Brief - Would you reproduce the data below exactly, please, leaving out its images?
[Record excerpts]
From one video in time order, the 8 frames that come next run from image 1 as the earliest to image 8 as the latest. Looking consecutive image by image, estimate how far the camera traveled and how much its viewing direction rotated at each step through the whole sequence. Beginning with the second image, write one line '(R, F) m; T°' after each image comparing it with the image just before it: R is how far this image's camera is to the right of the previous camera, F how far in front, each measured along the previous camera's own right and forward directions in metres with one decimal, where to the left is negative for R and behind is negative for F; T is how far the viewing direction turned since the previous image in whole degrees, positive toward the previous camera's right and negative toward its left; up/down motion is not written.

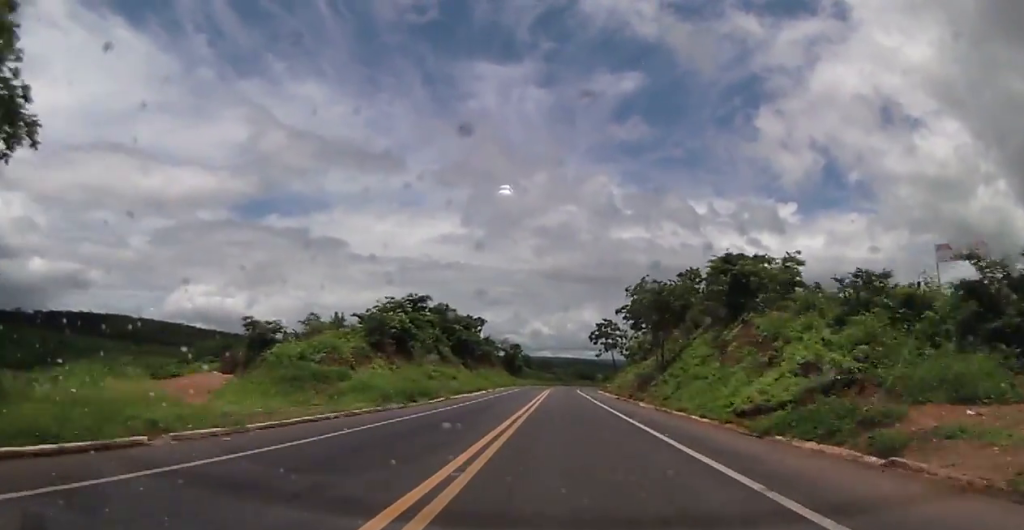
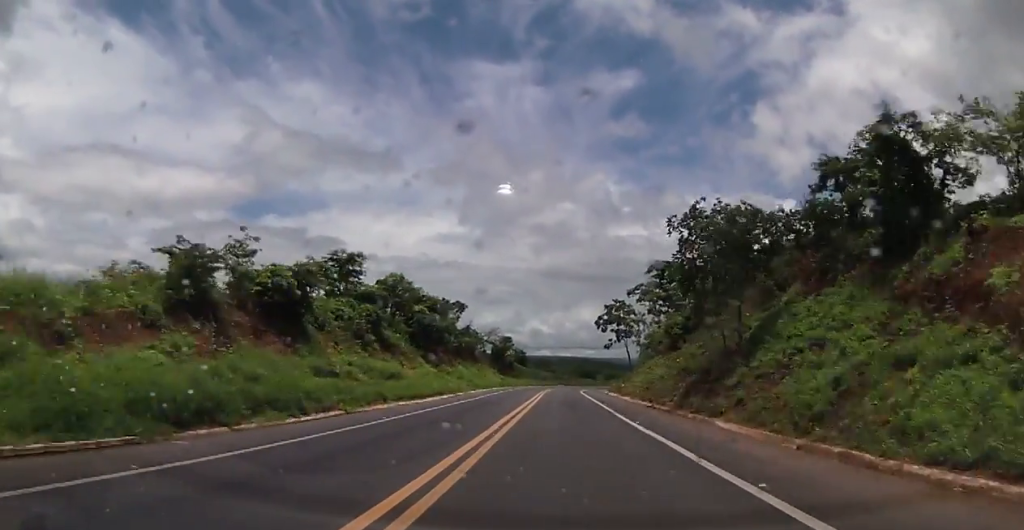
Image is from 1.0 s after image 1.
(0.0, +21.5) m; 0°
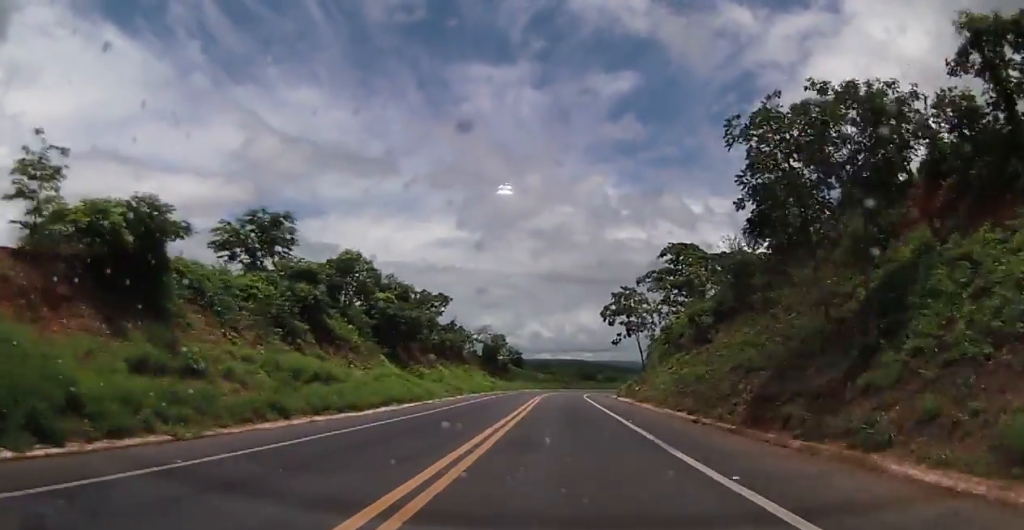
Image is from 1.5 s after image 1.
(0.0, +11.9) m; 0°
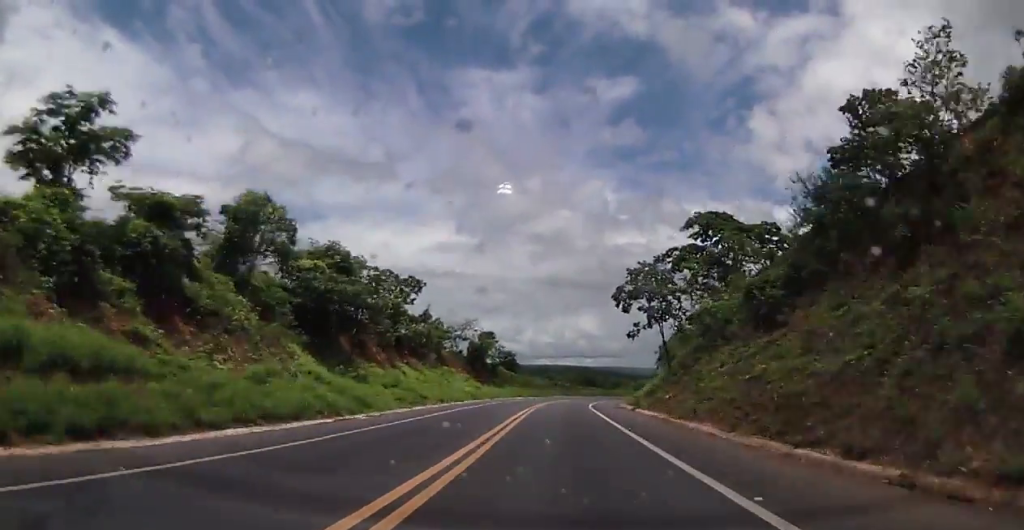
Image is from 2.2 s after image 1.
(0.0, +14.9) m; 0°
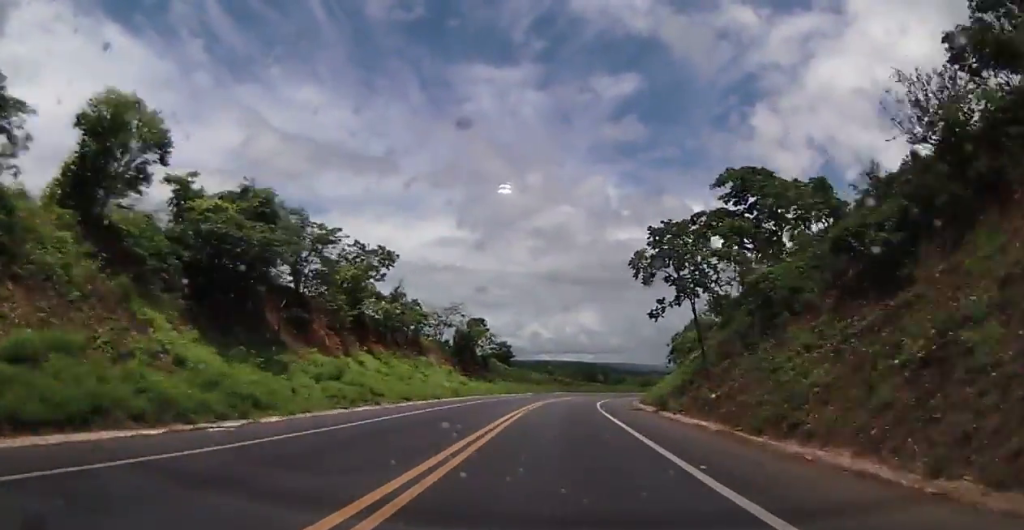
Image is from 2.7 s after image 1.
(0.0, +11.2) m; 0°
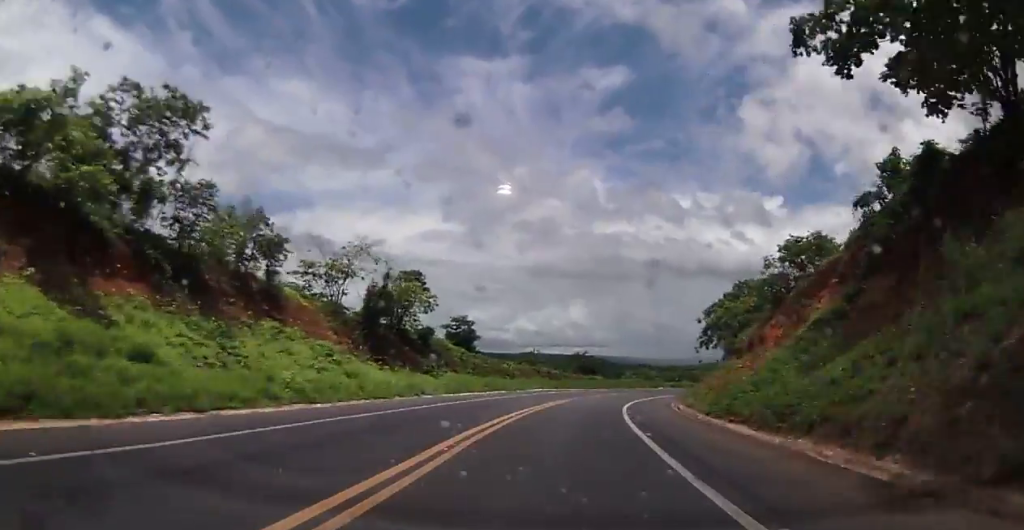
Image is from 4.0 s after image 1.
(0.0, +29.1) m; +1°
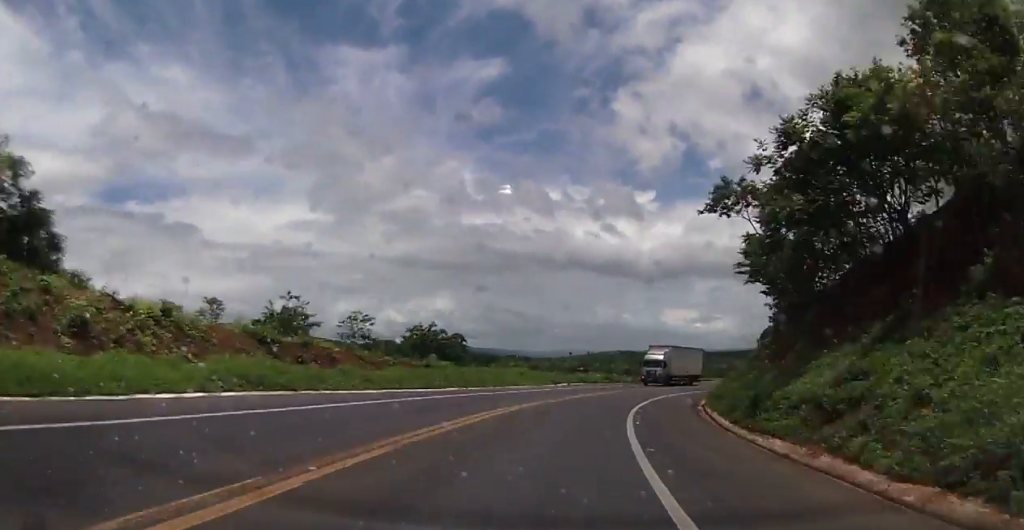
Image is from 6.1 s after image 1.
(+1.3, +48.1) m; +3°
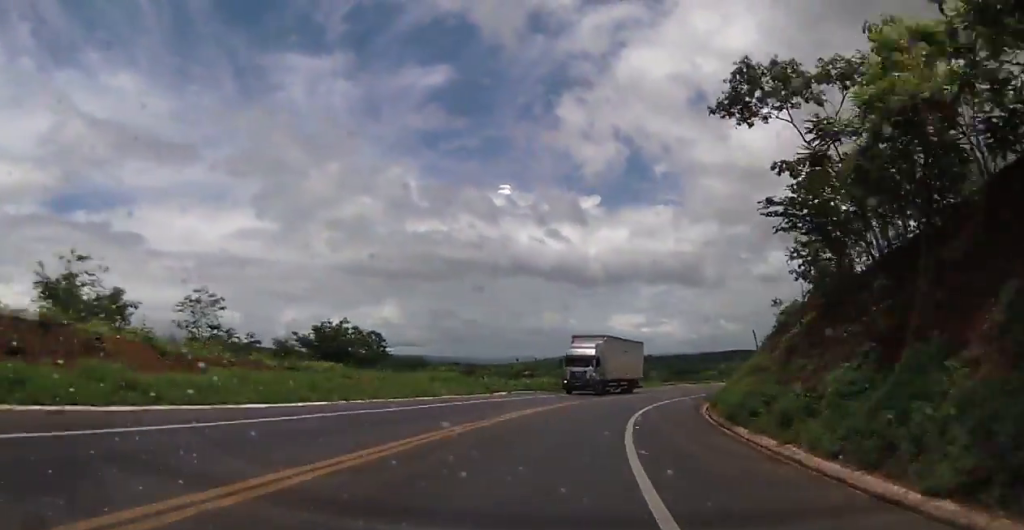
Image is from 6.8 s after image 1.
(+0.1, +13.9) m; +3°
[/Record excerpts]
Exercise output -
From one video in time order, the 8 frames that come next run from image 1 as the earliest to image 8 as the latest. Looking consecutive image by image, estimate how far the camera traveled and how much its viewing direction rotated at each step through the whole sequence. Beginning with the second image, write one line '(R, F) m; T°' after each image comparing it with the image just before it: R is how far this image's camera is to the right of the previous camera, F how far in front, each measured along the previous camera's own right and forward directions in metres with one decimal, where to the left is negative for R and behind is negative for F; T is how far the viewing direction turned since the previous image in whole degrees, positive toward the previous camera's right and negative toward its left; up/down motion is not written.

Image is from 1.0 s after image 1.
(0.0, +21.5) m; 0°
Image is from 1.5 s after image 1.
(0.0, +11.9) m; 0°
Image is from 2.2 s after image 1.
(0.0, +14.9) m; 0°
Image is from 2.7 s after image 1.
(0.0, +11.2) m; 0°
Image is from 4.0 s after image 1.
(0.0, +29.1) m; +1°
Image is from 6.1 s after image 1.
(+1.3, +48.1) m; +3°
Image is from 6.8 s after image 1.
(+0.1, +13.9) m; +3°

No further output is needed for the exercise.